日本に関係する船舶の安全確保のため、政府が中東海域への自衛隊派遣を閣議決定したことを受け、日本キリスト教協議会(NCC)は28日、声明を発表し、「深い遺憾の意を表明し、抗議し、自衛隊中東海域派兵に反対する」と表明した。
自衛隊の海外派遣には根拠となる法律が必要となるが、政府は27日、防衛省設置法の「調査・研究」(第4条1項18号)を根拠に派遣することを閣議決定した。
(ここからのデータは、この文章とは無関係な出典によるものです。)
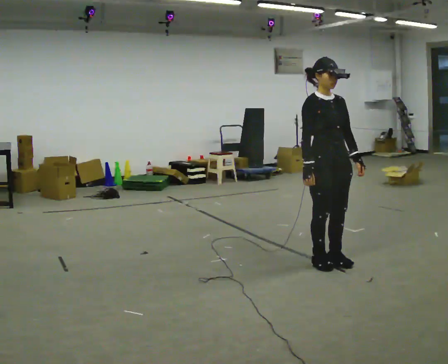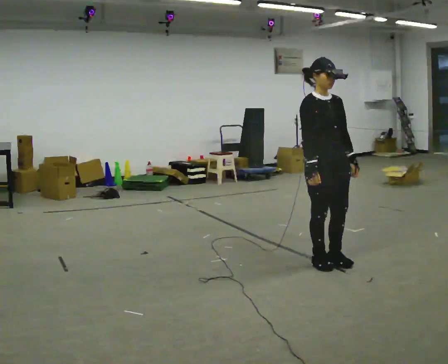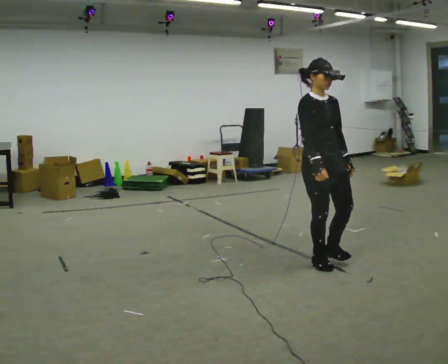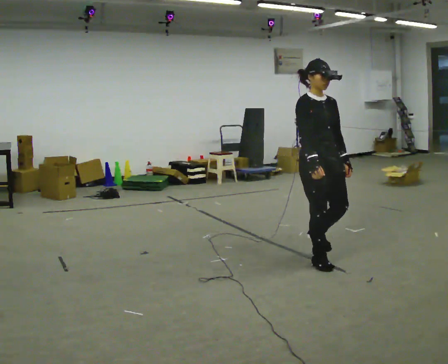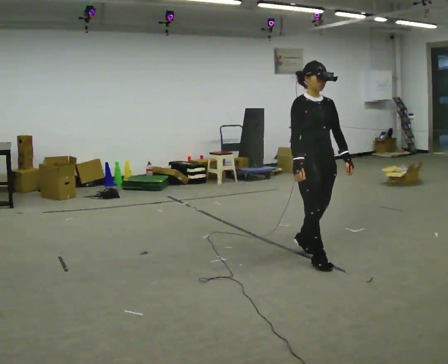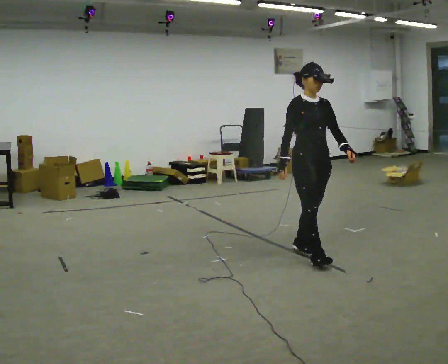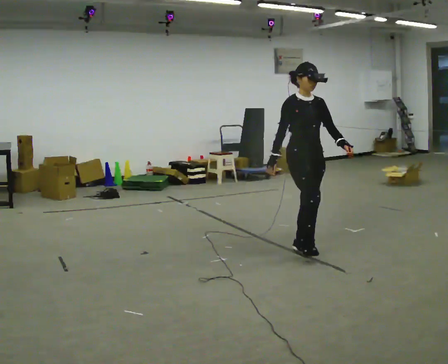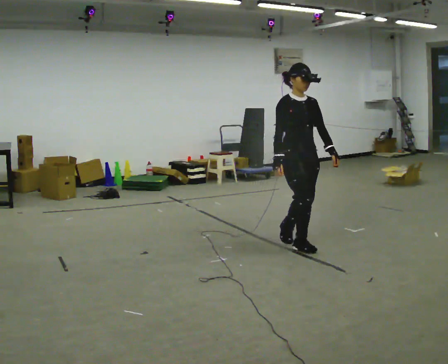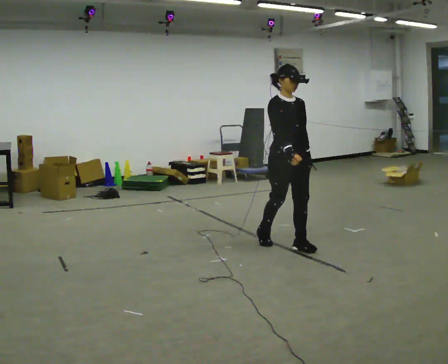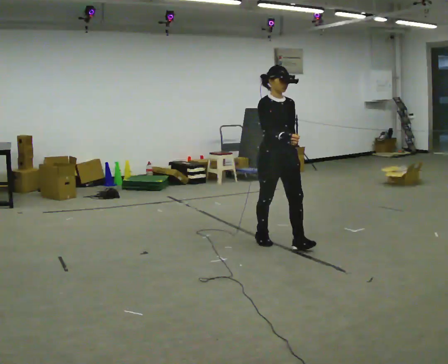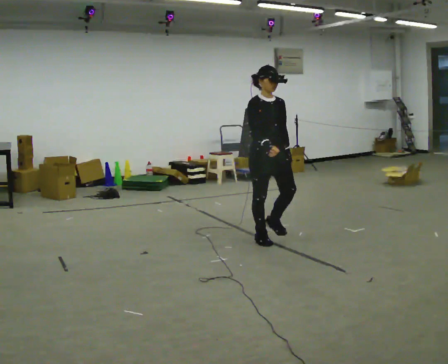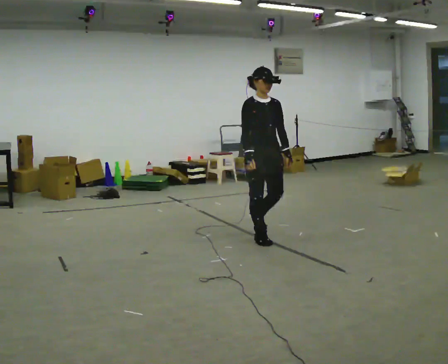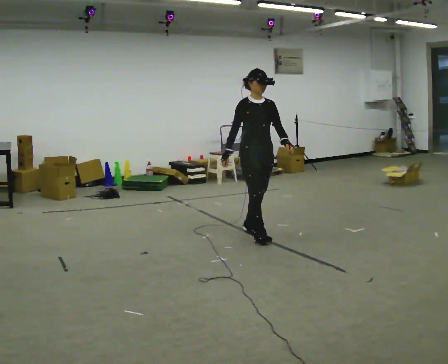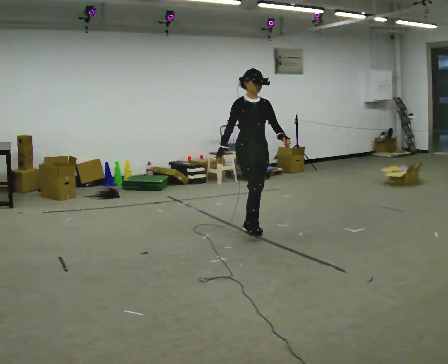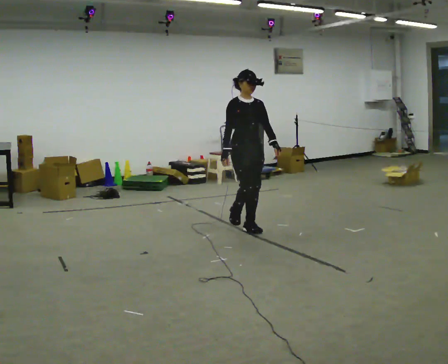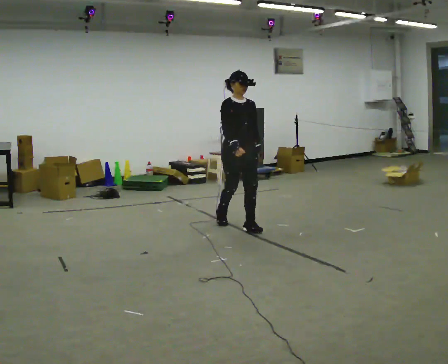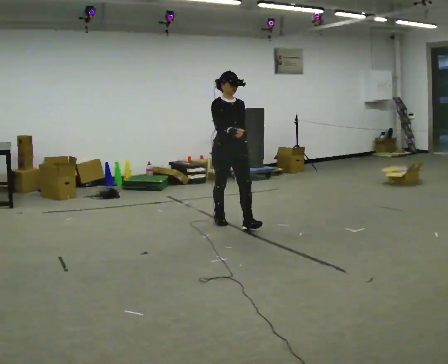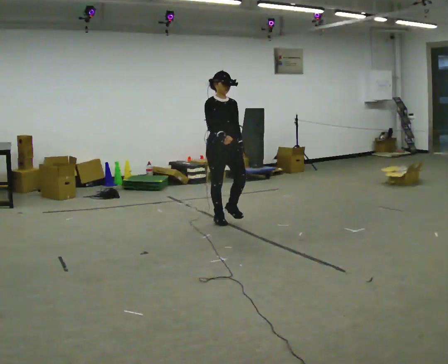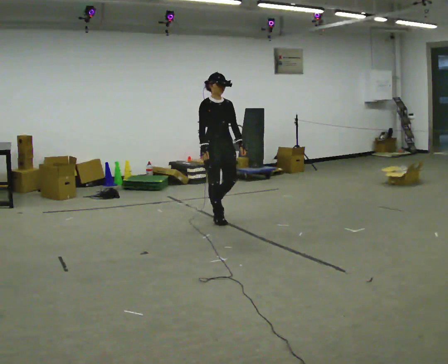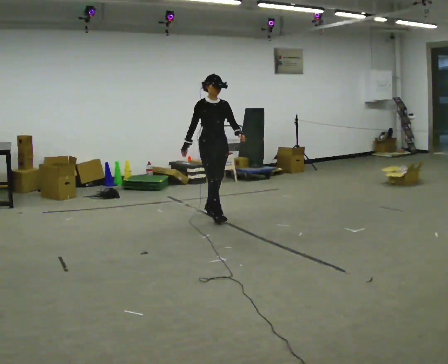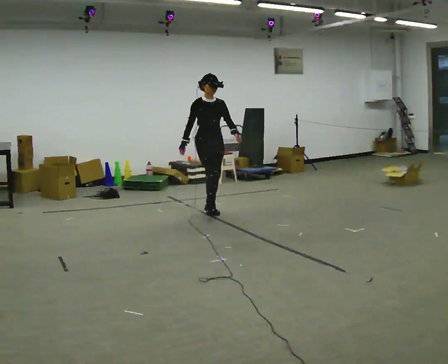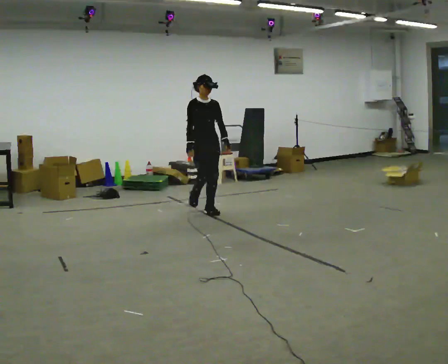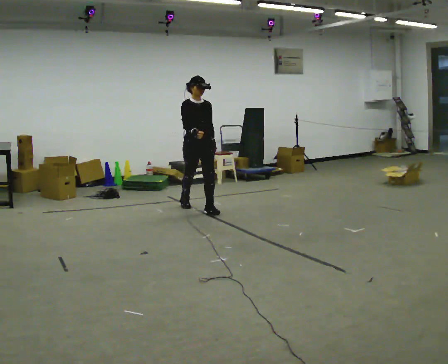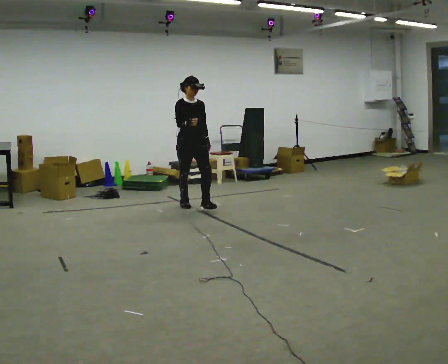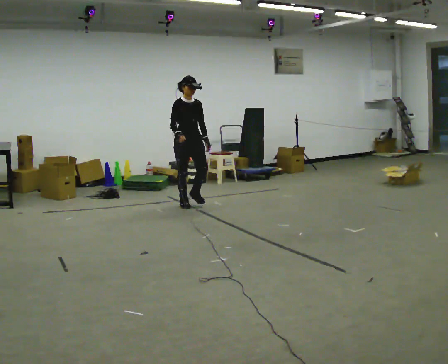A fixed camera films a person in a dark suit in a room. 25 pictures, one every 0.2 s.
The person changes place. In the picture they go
away from the camera.
0.0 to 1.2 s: In the picture they go away from the camera, about 0.5 m in 2 steps, which for them is backward.
1.2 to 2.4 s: In the picture they go away from the camera and to the left, about 0.75 m in 1 step, which for them is backward.
2.4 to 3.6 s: In the picture they go away from the camera and to the left, about 0.5 m in 2 steps, which for them is backward.
3.6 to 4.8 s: In the picture they go away from the camera and to the left, about 1 m in 2 steps, which for them is backward.
The film runs backward here.

これについてNCCは声明で、「国会審議も経ることもなく閣議決定した」「(同法の「調査・研究」は)本来防衛省管轄の事務について規定するもの」と批判。さらに同法第5条では「自衛隊の任務と権限は自衛隊法に従う」と規定されているとし、自衛隊の派遣が「調査・研究」の名目で安易に行われれば、「自衛隊の海外派遣に歯止めがかからなくなる危険をはらんでいる」と警鐘を鳴らした。
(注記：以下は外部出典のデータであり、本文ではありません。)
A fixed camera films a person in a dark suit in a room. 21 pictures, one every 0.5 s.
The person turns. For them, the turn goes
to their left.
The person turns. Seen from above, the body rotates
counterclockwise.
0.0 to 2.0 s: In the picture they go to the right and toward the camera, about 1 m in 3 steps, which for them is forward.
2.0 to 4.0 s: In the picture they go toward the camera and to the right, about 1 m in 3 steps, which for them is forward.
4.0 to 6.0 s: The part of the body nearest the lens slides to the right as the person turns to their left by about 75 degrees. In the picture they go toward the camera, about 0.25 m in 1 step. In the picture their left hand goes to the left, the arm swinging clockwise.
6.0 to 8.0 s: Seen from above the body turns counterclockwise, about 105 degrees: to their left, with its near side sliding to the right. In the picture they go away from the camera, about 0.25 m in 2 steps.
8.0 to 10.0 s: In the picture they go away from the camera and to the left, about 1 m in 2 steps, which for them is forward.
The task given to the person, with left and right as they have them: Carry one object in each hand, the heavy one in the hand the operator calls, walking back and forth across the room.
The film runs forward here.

また、自衛隊が中東海域に派遣されれば、武力行使可能な米軍主導の「有志連合」諸国の軍隊と、情報提供などの関わりを持たざるを得なくなると指摘。その場合、「『武力行使』を否定する憲法9条の明白な違反」になると主張した。
一方、中東海域における安全の危機については、ドナルド・トランプ米大統領が「イラン核合意」から離脱したことに起因すると指摘。安倍晋三首相は「自衛隊派遣ではなく、むしろ、トランプ大統領らに説得をもって働きかける外交力を発揮」すべきだと語った。
派遣されるのは海外自衛隊の護衛艦と哨戒機で、部隊は260人を超える規模になる見通し。哨戒機は来年1月から、護衛艦は来年2月から派遣される。一方、派遣期間は1年間と定められているが、延長する場合は閣議決定や国会報告を行うことが義務付けられている。